The young man stood behind the empty bar and shook. He squinted at the printout again, trying to focus, daring it to tell him the same story. He could barely make out his own first name, Alonzo, as the dot-form letters blurred and flowed into the green-and-white banded computer paper.

He didn’t need to read them again. The message wasn’t complicated. His life was over. Everything good had turned to shit. Nobody knew him. Nobody cared. But even if they did, nobody could help him.

From the day he stepped off the bus at the Port Authority, he’d been fucked. First came that asshole who’d taken all his money for one lousy hamburger, then Roberto the brick mason had turned his back on him. He’d never had a chance. Esteban, Carl, Jackson — he’d never been real to any of them, just a thing to be used and thrown away.

He thought of his young cousin Raphael, how he’d grabbed onto the boy like a drowning man will snatch at random flotsam. Only he’d thought it was Raph who was drowning and needed saving. Raph had never needed him, never wanted to be rescued at all.

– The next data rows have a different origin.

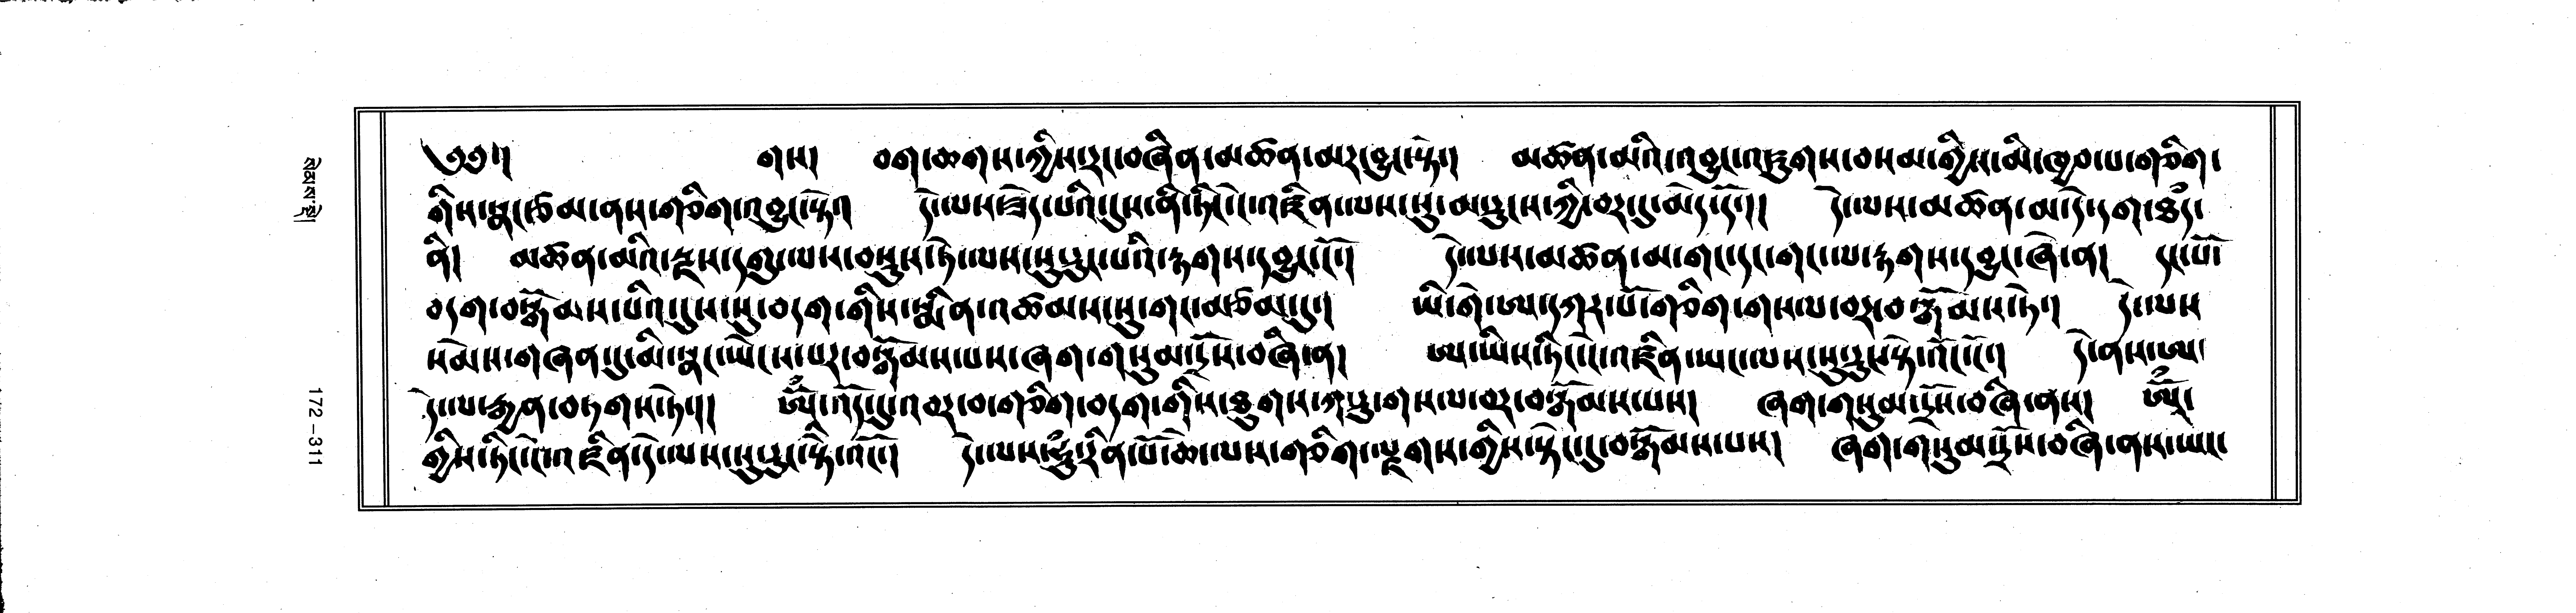གིས། བག་ཆགས་ཀྱིས་རང་བཞིན་མཚན་མར་བྱུང་སྟེ། མཚན་མའི་འབྱུང་འཇུགས་བསམ་གྱིས་མི་ཁྱབ་པ་གཅིག་
གིས་སྣང་ཙམ་ནས་གཅིག་འབྱུང་སྟེ། དེ་ལས་ཟེད་པའི་དུས་ནི་ཏིང་ངེ་འཛིན་ལས་སུ་མ་རུངས་ཀྱི་བར་དུ་མེད་དོ། དེ་ལས་མཚན་མ་དེ་དག་ཐམས་ཅད་
ནི། མཚན་མའི་རྫས་དགུ་ལས་བསྡུས་ཏེ་ལས་སུ་རུང་པའི་རྟགས་དབྱུང་ངོ་། དེ་ལས་མཚན་མ་གང་དང་གང་ལ་རྟགས་དབྱུང་ཞེ་ན། དང་པོ་
བདག་བསྒོམས་པའི་དུས་སུ་བདག་གིས་སྨིན་འཚམས་སུ་གང་བཙམ་དུ། ཡི་གེ་ཨ་དཀར་པོ་གཅིག་གསལ་བར་བསྒོམས་ཏེ། དེ་ལས་
སེམས་གཞན་དུ་མི་སྣང་གཡེངས་པར་བསྒོམས་པས་ཞག་གསུམ་དྲོས་བཞི་ན། ཨ་ཡིས་ཏིང་ངེ་འཛིན་ཡང་ལས་སུ་རུང་སྟེ་འོང་ངོ་། དེ་ནས་ཨ་
དེ་ལ་རྒྱན་བཏགས་ཏེ། ཨཱོྃ་འོད་དུ་འབར་བ་གཅིག་བདག་གི་ཐུགས་ཀ་རུ་གསལ་བར་བསྒོམས་པས། ཞག་གསུམ་དྲོས་བཞི་ནས། ཨཱོྃ་
གྱིས་ཏིང་ངེ་འཛིན་དེ་ལས་སུ་རུང་སྟེ་འོང་། དེ་ལས་ཧཱུྃ་རིན་པོ་ཆེ་ལས་གཅིག་ལྗགས་གྱིས་སྟེང་དུ་བསྒོམས་པས། ཞག་གསུམ་དྲོས་བཞི་ནས་ཡང་

He’d see about that. Before he died. He probably still had a few years. He’d never let himself get as sick as those freaks Howie and the new busboy kid delivered food to every day. Before he started wasting away, he’d get back at them. All of them.

He’d show Raphael how much he loved him. No, he told himself, this won’t be revenge. This is much more important than revenge.

He crumpled up his HIV test results and threw the paper over his shoulder. He walked slowly down the stairs and stepped into the scullery, looking for a good place to hide an industrial mixing bowl.

The paper he’d thrown fluttered in the air, skittered across the floor, and landed under the bar.

It hid there for weeks, waiting for David to find it.

When I found that printout, I assumed it it was Howie’s. I assumed an awful lot back in those days.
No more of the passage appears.